The use of a common resource batch file format throughout the site build stack allows both of these kinds of information to be propagated through the stack, avoiding complicated configuration problems today.

Resource batch loading API

To preload a resource batch from HTML, use a <link type=preloadbatch> tag. Or, to load resources dynamically, use the preloadBatch function.

Both of these APIs require a URL to load the resource batch from, plus resources list of URLs. Ideally, this list would include all nested dependencies. However, it can be difficult to calculate this list locally, or even say what the final bundle will be called. This proposal includes conventions for tools to output code which

Framework/developer code

When developers write source code, they do so in a high level style. For example, JS modules are directly imported with import statements and dynamic import(). This is later expected to be transformed into particular chunks.

Under the conventions established in this document, frameworks can output the following constructs and expect bundlers to handle the details:

  • <link rel=resourcebatch>
  • import("foo.js")
  • preloadBatch(null, [new URL("", import.meta.url)])

Frameworks are encouraged to output their static contents in resource batches, for later processing by bundlers and serving.

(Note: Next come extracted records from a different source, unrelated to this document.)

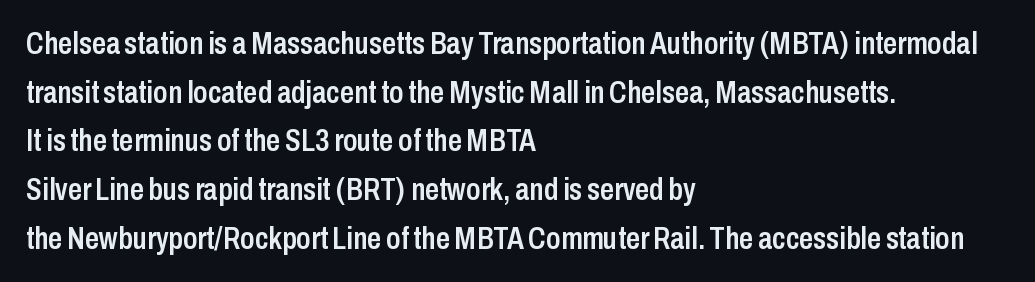
{"serif": "no", "italic": "no", "bold": "semi", "weight": "semibold", "width": "condensed", "stroke_contrast": "low", "x_height": "medium", "monospaced": "no", "underline": "no", "align": "left", "line_spacing": "normal", "line_spacing_ratio": 1.57, "letter_spacing": "normal", "letter_spacing_em": 0.0, "glyph_px": 31}
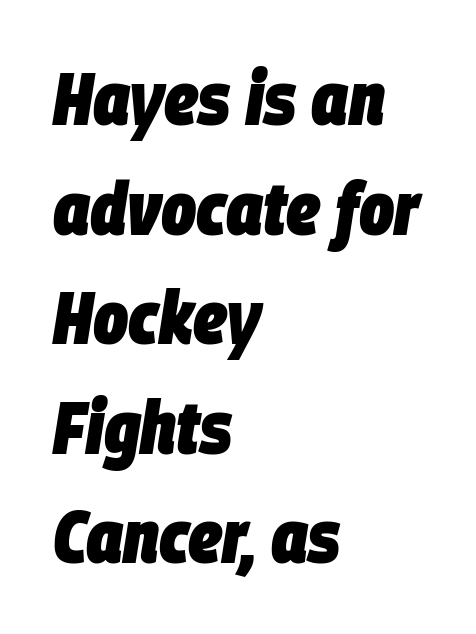
Q: Is the text bold? A: Yes.
Q: Is the text italic (slanted)? A: Yes, it leans right by about 9 degrees.
Q: Is the text underlined? A: No.
Q: How is the paragraph aligned? A: Left-aligned.
Q: Is the spacing between letters normal or unusually wide? A: Normal.
Q: Is the spacing between lines tight, normal or loose? A: Normal.
Q: Width (condensed, normal, or wide)? A: Condensed.
Q: Stroke contrast? A: Low.
Q: x-height? A: Large.
Q: Monospaced? A: No.

There would be a simple tool for web developers to assembly a resource batch out of a directory of files, as well. This could be used with the same conventions to be passed to a bundler.

Bundler transformations

In a resource batch world, a bundler converts one resource batch (from the developer/framework) into another (to be used directly by the server). This document establishes the following conventions for bundlers:

  • When the bundler sees <link rel=resourcebatch>, its job is to fill in the href= and resources= list. It does this based on its analysis of which resources are used by the enclosing HTML file.
  • When a bundler sees import("foo.js"), it replaces it with preloadBatch("import.rba", [new URL("foo.js", import.meta.url), "dependency.js", ...]).then(() => import("foo.js")) with all of the dependencies of foo.js statically detected and inserted.
  • When a bundler sees preloadBatch(null, [new URL("", import.meta.url)]), it detects all of the dependencies of statically and adds them to the resource list, as well as filling in the location of the resource batch.

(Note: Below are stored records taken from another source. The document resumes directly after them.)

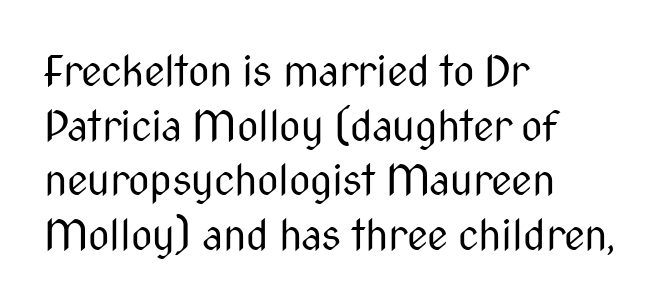
Q: Is the text bold? A: No.
Q: Is the text italic (slanted)? A: No, it is upright.
Q: Is the typeface a serif or a sans-serif typeface? A: Sans-serif.
Q: Is the text underlined? A: No.
Q: How is the paragraph aligned? A: Left-aligned.
Q: Is the spacing between letters normal or unusually wide? A: Normal.
Q: Is the spacing between lines tight, normal or loose? A: Normal.
Q: Width (condensed, normal, or wide)? A: Condensed.
Q: Stroke contrast? A: Medium.
Q: x-height? A: Medium.
Q: Monospaced? A: No.
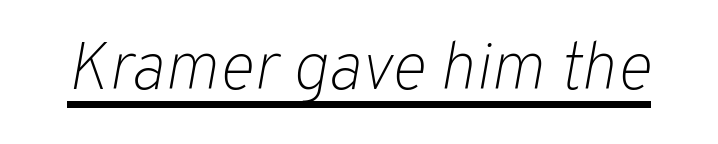
{"italic": "yes", "lean": "right", "slant_degrees": 10, "bold": "no", "weight": "light", "width": "normal", "stroke_contrast": "low", "x_height": "medium", "monospaced": "no", "underline": "yes", "letter_spacing": "normal", "letter_spacing_em": 0.0, "glyph_px": 67}
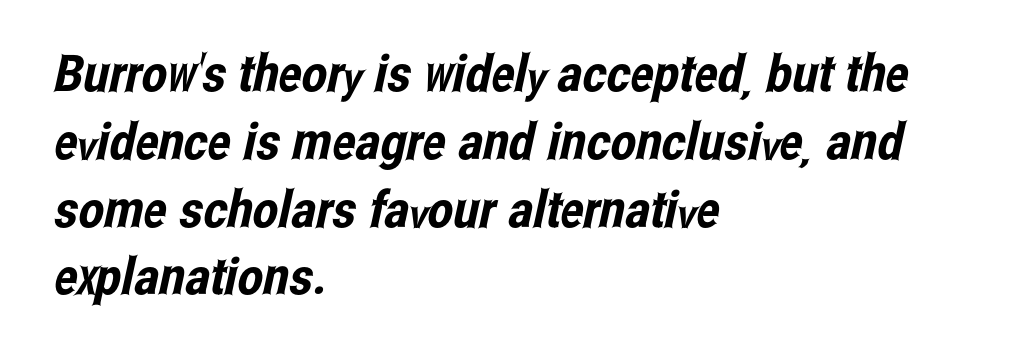
The image shows 51 px condensed sans-serif type; set left-aligned, normal line spacing (1.33x), normal letter spacing, not underlined; low stroke contrast and a medium x-height.
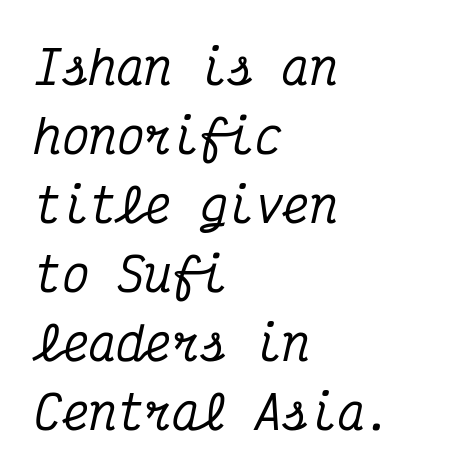
{"serif": "yes", "italic": "yes", "lean": "right", "slant_degrees": 12, "width": "condensed", "stroke_contrast": "medium", "x_height": "medium", "monospaced": "yes", "underline": "no", "align": "left", "line_spacing": "normal", "line_spacing_ratio": 1.5, "letter_spacing": "normal", "letter_spacing_em": 0.0, "glyph_px": 46}
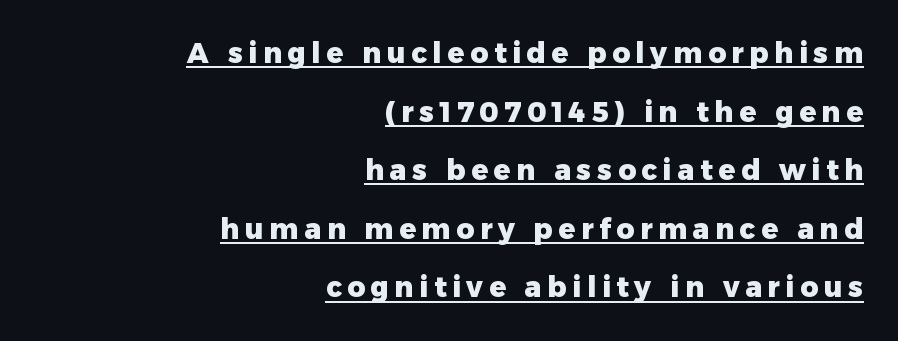
The glyphs have the mass of a bold cut. The typesetter has applied underlining to the passage shown. Here the designer chose a conventional face with non-uniform glyph widths. Interline gaps are noticeably wide in this sample. Caption: expanded tracking, letters set apart.
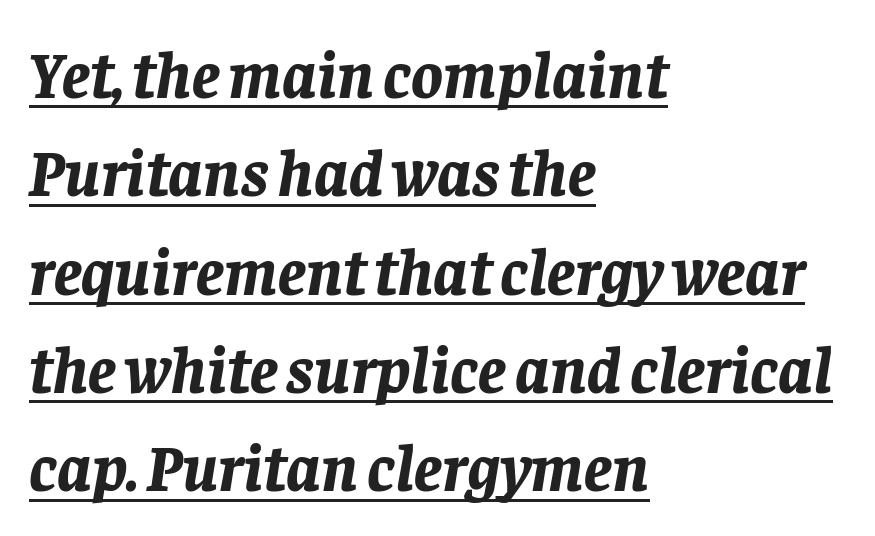
{"italic": "yes", "lean": "right", "slant_degrees": 8, "bold": "yes", "weight": "bold", "width": "normal", "stroke_contrast": "low", "x_height": "large", "monospaced": "no", "underline": "yes", "align": "left", "line_spacing": "normal", "line_spacing_ratio": 1.49, "letter_spacing": "normal", "letter_spacing_em": 0.0, "glyph_px": 66}
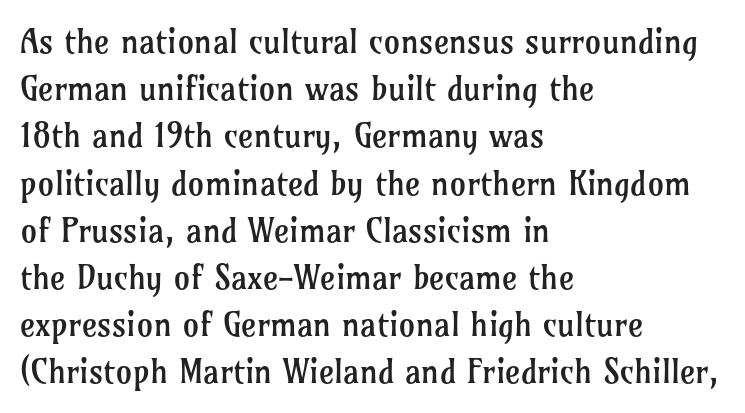
{"serif": "yes", "italic": "no", "bold": "no", "weight": "regular", "width": "normal", "stroke_contrast": "low", "x_height": "medium", "monospaced": "no", "underline": "no", "align": "left", "line_spacing": "normal", "line_spacing_ratio": 1.43, "letter_spacing": "normal", "letter_spacing_em": 0.0, "glyph_px": 33}
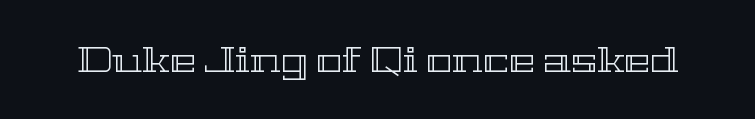
Q: Is the text italic (slanted)? A: No, it is upright.
Q: Is the text underlined? A: No.
Q: Is the spacing between letters normal or unusually wide? A: Normal.
Q: Width (condensed, normal, or wide)? A: Wide.
Q: x-height? A: Medium.
Q: Monospaced? A: No.
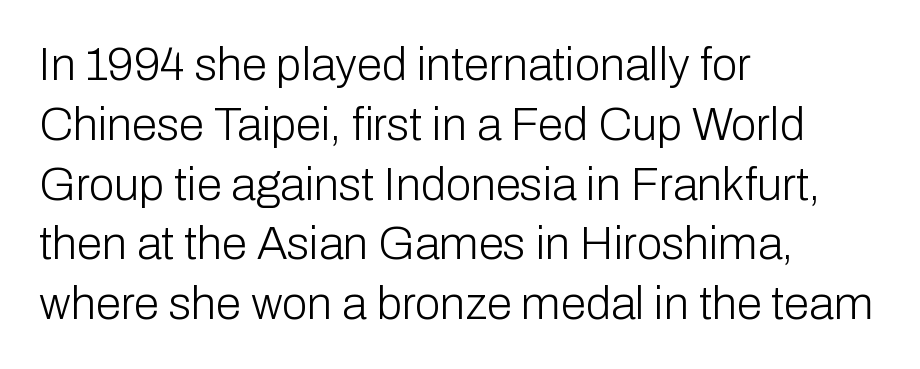
This rendering features lettering with no underline. The block of text has a typical density, with ordinary space between rows. You could call the tracking neutral — neither tight nor loose. The typesetter chose a ragged-right arrangement here. This reads as an unemphasized weight, regular at the heaviest.
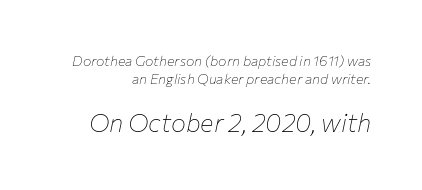
Unmarked baselines from the first word to the last. Compare the two chunks: the lower has the greater cap height. The characters are drawn with everyday or finer stroke widths. Short note: letters normally spaced. Designer's note — italics engaged.
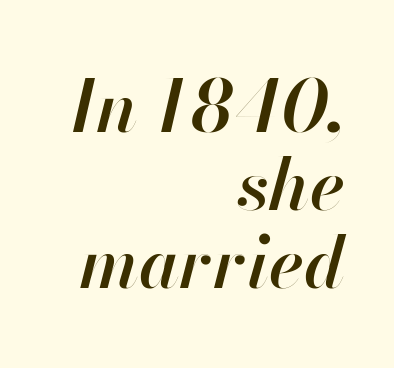
Q: Is the text bold? A: Semi-bold.
Q: Is the text italic (slanted)? A: Yes, it leans right by about 13 degrees.
Q: Is the text underlined? A: No.
Q: How is the paragraph aligned? A: Right-aligned.
Q: Is the spacing between letters normal or unusually wide? A: Normal.
Q: Is the spacing between lines tight, normal or loose? A: Tight.
Q: Width (condensed, normal, or wide)? A: Normal.
Q: Stroke contrast? A: High.
Q: x-height? A: Small.
Q: Monospaced? A: No.

Bundlers are encouraged (paradoxically) add resources to the resource batch to contain the output of existing bundling techniques. These will never be served within a resource batch, since they will never be in the resources= list. They are placed in the resource patch that the bundler outputs in order to communicate with the server.

Server expectations

A server, given a resource batch index.rba, is expected to serve it in the following way:

  • Each URL within the resource batch can be fetched from the server, with the relative URLs in the index being resolved relative to the enclosing directory where index.rba is present.
    • If a URL is present multiple times, then the server can choose what to respond with based on its own content negotiation algorithm.
  • If index.rba itself is fetched, then it is served as follows:
    • The request must come with a header indicating the subset of resources to be served. If that header is missing, respond with an error.
    • Omit resources which are not included in the subset requested in the header.
    • Based on the other headers, perform content negotiation to choose appropriate responses for each resource with duplicate URLs (in terms of Content-Type, language, etc).
    • The Content-Type of a resource batch is application/resourcebatch.
    • Serve the result compressed if possible.